I'll put up just a few other examples from an ancient Assyrian epic called the Ticoti-Nanurta epic, where you can find, I'll just quote from my article here.
I won't read through this, but you can find two Assyrian kings talked about as the image of a particular deity, and again, it's just the king.
And in the article, I go through a few other Mesopotamian documents.
to, but the point is, the Bible takes this idea, which was kind of a common thought in the ancient
Near East, and democratizes it. It's not just the royalty that's in the image of God. Everybody
bears God's image. In other words, metaphorically speaking, everybody is royal. That's a radical
idea. We often take that for granted today. Historically, that was not self-evident. And throughout
Christian history and Jewish history, you can see that idea, that radical new,
idea, coming into clash with alternative ideas.

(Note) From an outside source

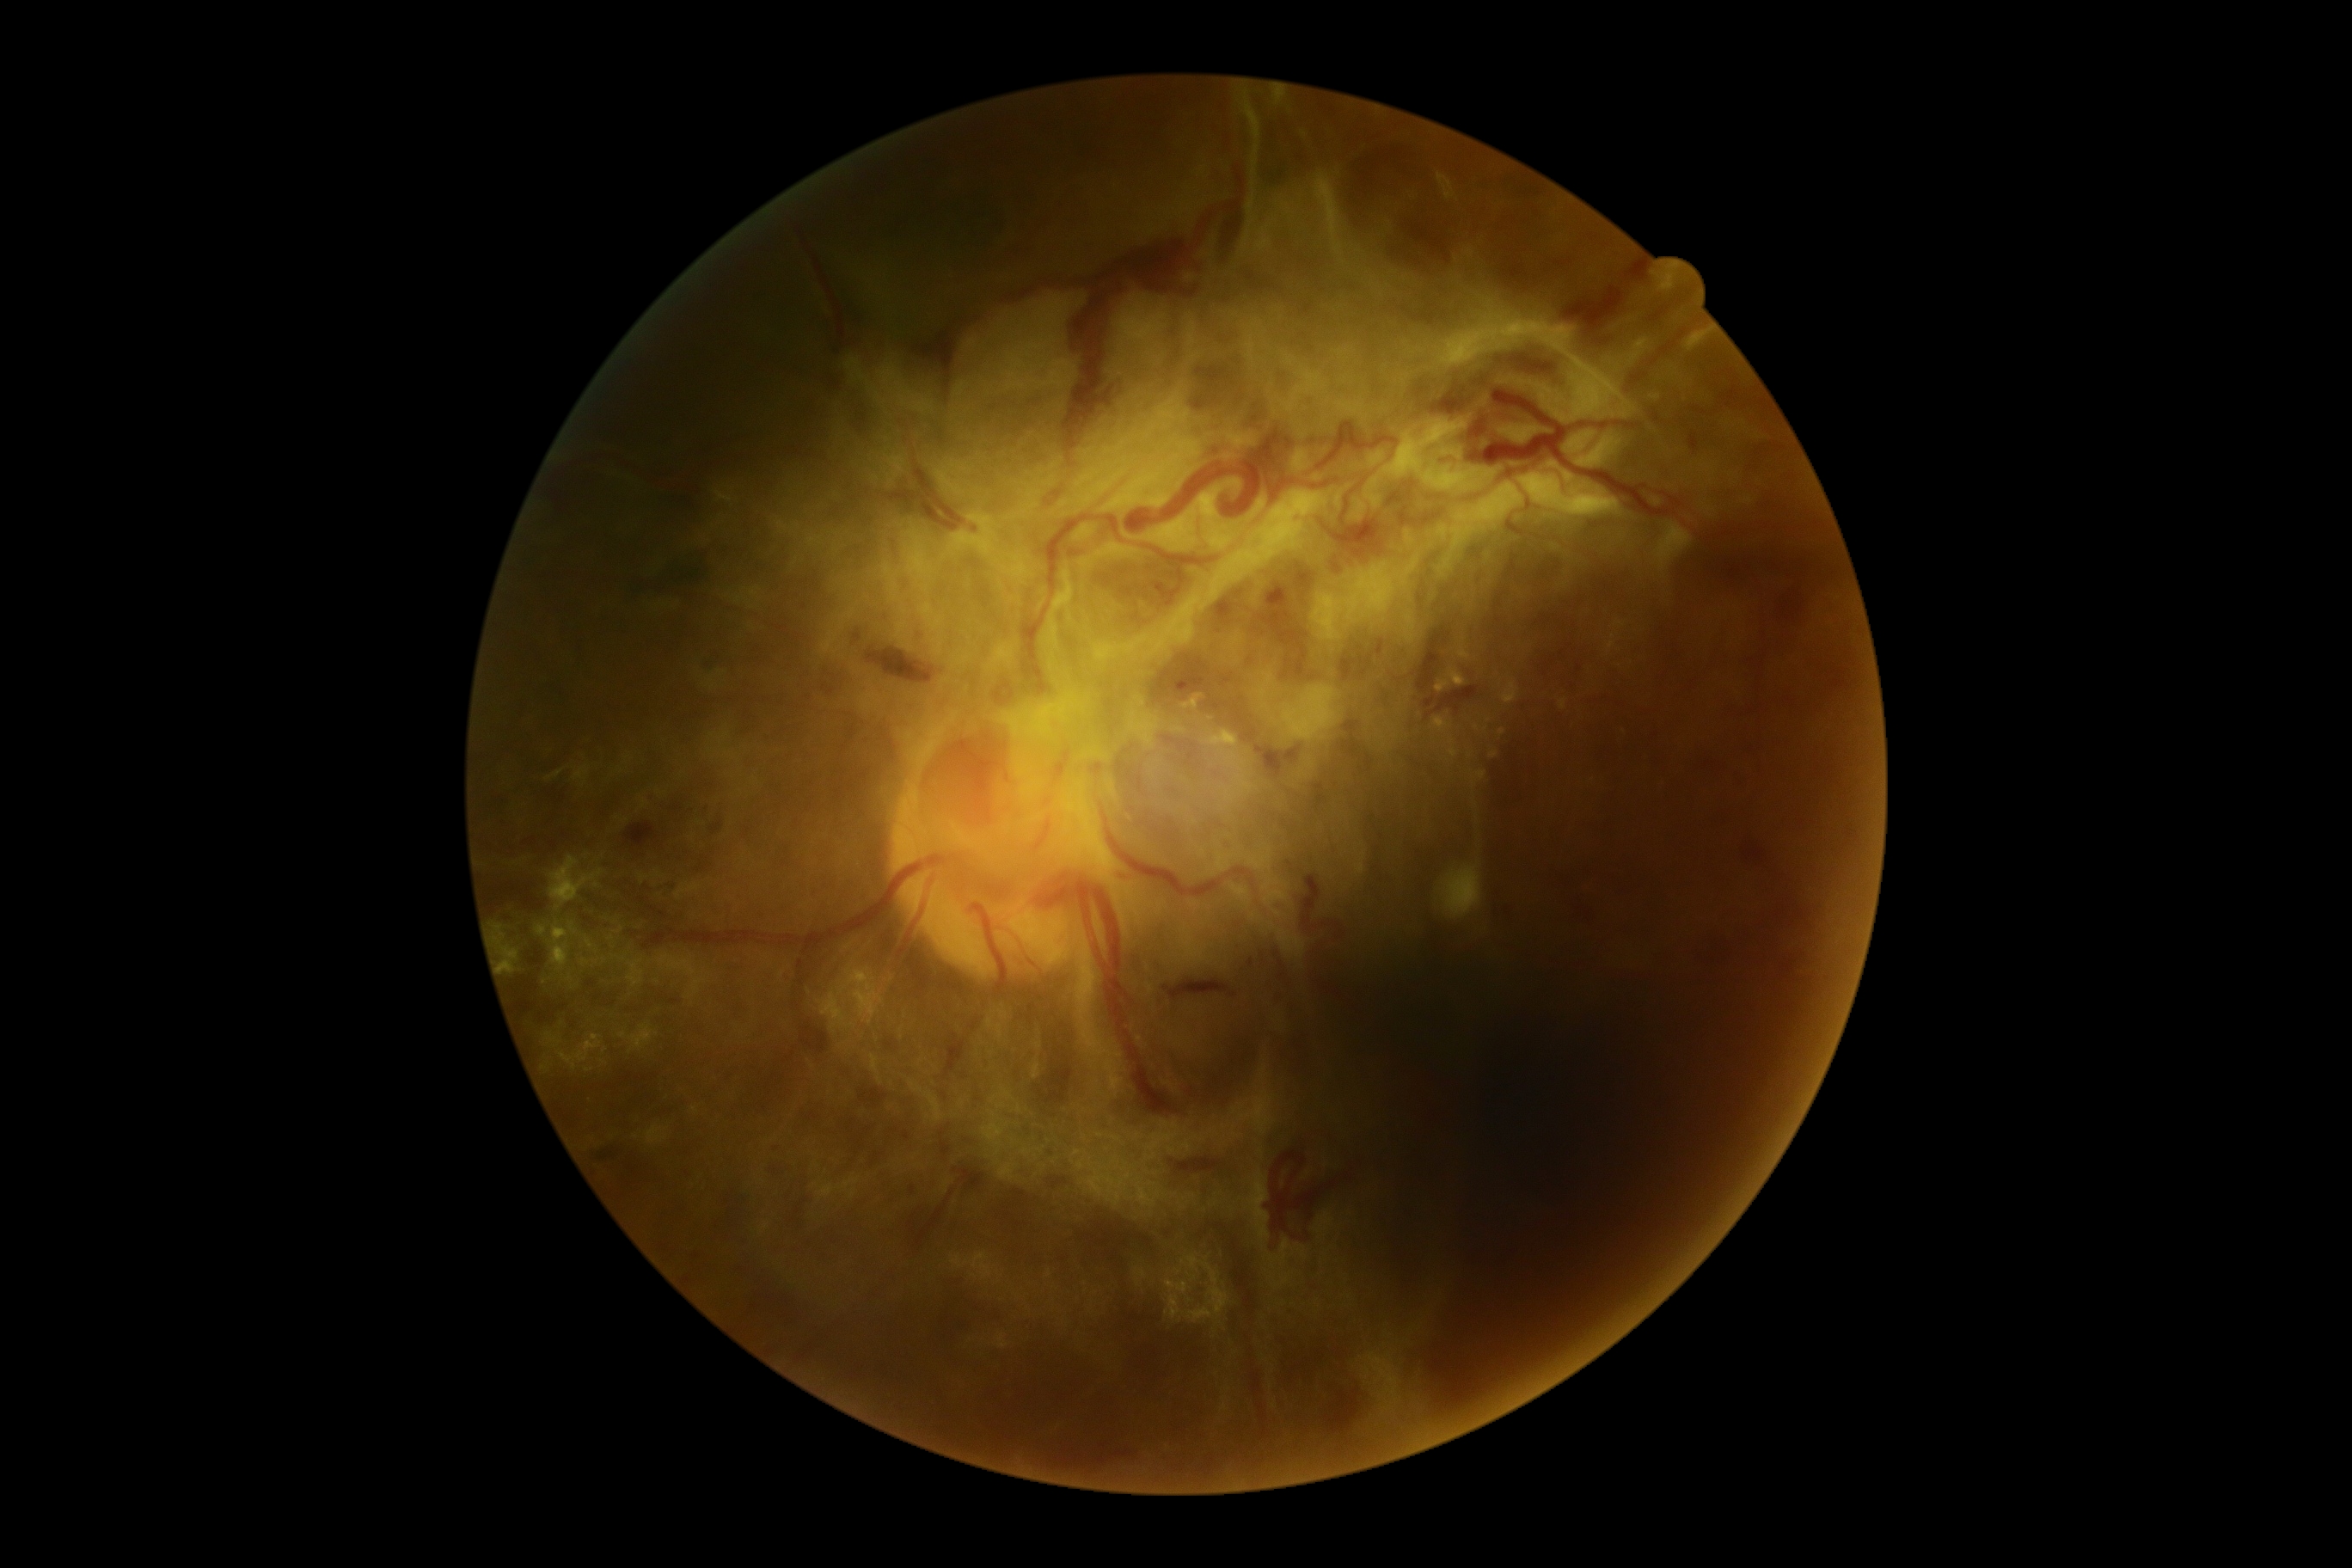
DR grade: 4 (PDR).

For example, Selsus, the critic of Christianity
in the second century, one of his criticisms is, you guys elevate human beings to highly.
He said the radical error in Jewish and Christian thinking is that it is anthropocentric.
They say God made all things for man, but this is not at all evident. And his own view is
evident in these words. He says, in no way is man better in God's sight.
than ants and bees. That's a very common, ancient way of thinking about human beings. We're like
bugs. We're like insects, you know, not particularly valuable or exalted. The idea of creation
and the image of God was this lightning step forward. And I'm not the one who's, you know,
I'm sure you're aware, this is an argument. This was the doctrine that it was like a hammer
in the hand of the abolitionists in the 18th century. I'll come back to that at the end of this.
And I'm sure you're familiar with people like Tom Holland and his amazing book, Dominion.
I'm not trying to say he would agree with everything I'm going through right here.
But he does talk about this, this modern value of equality.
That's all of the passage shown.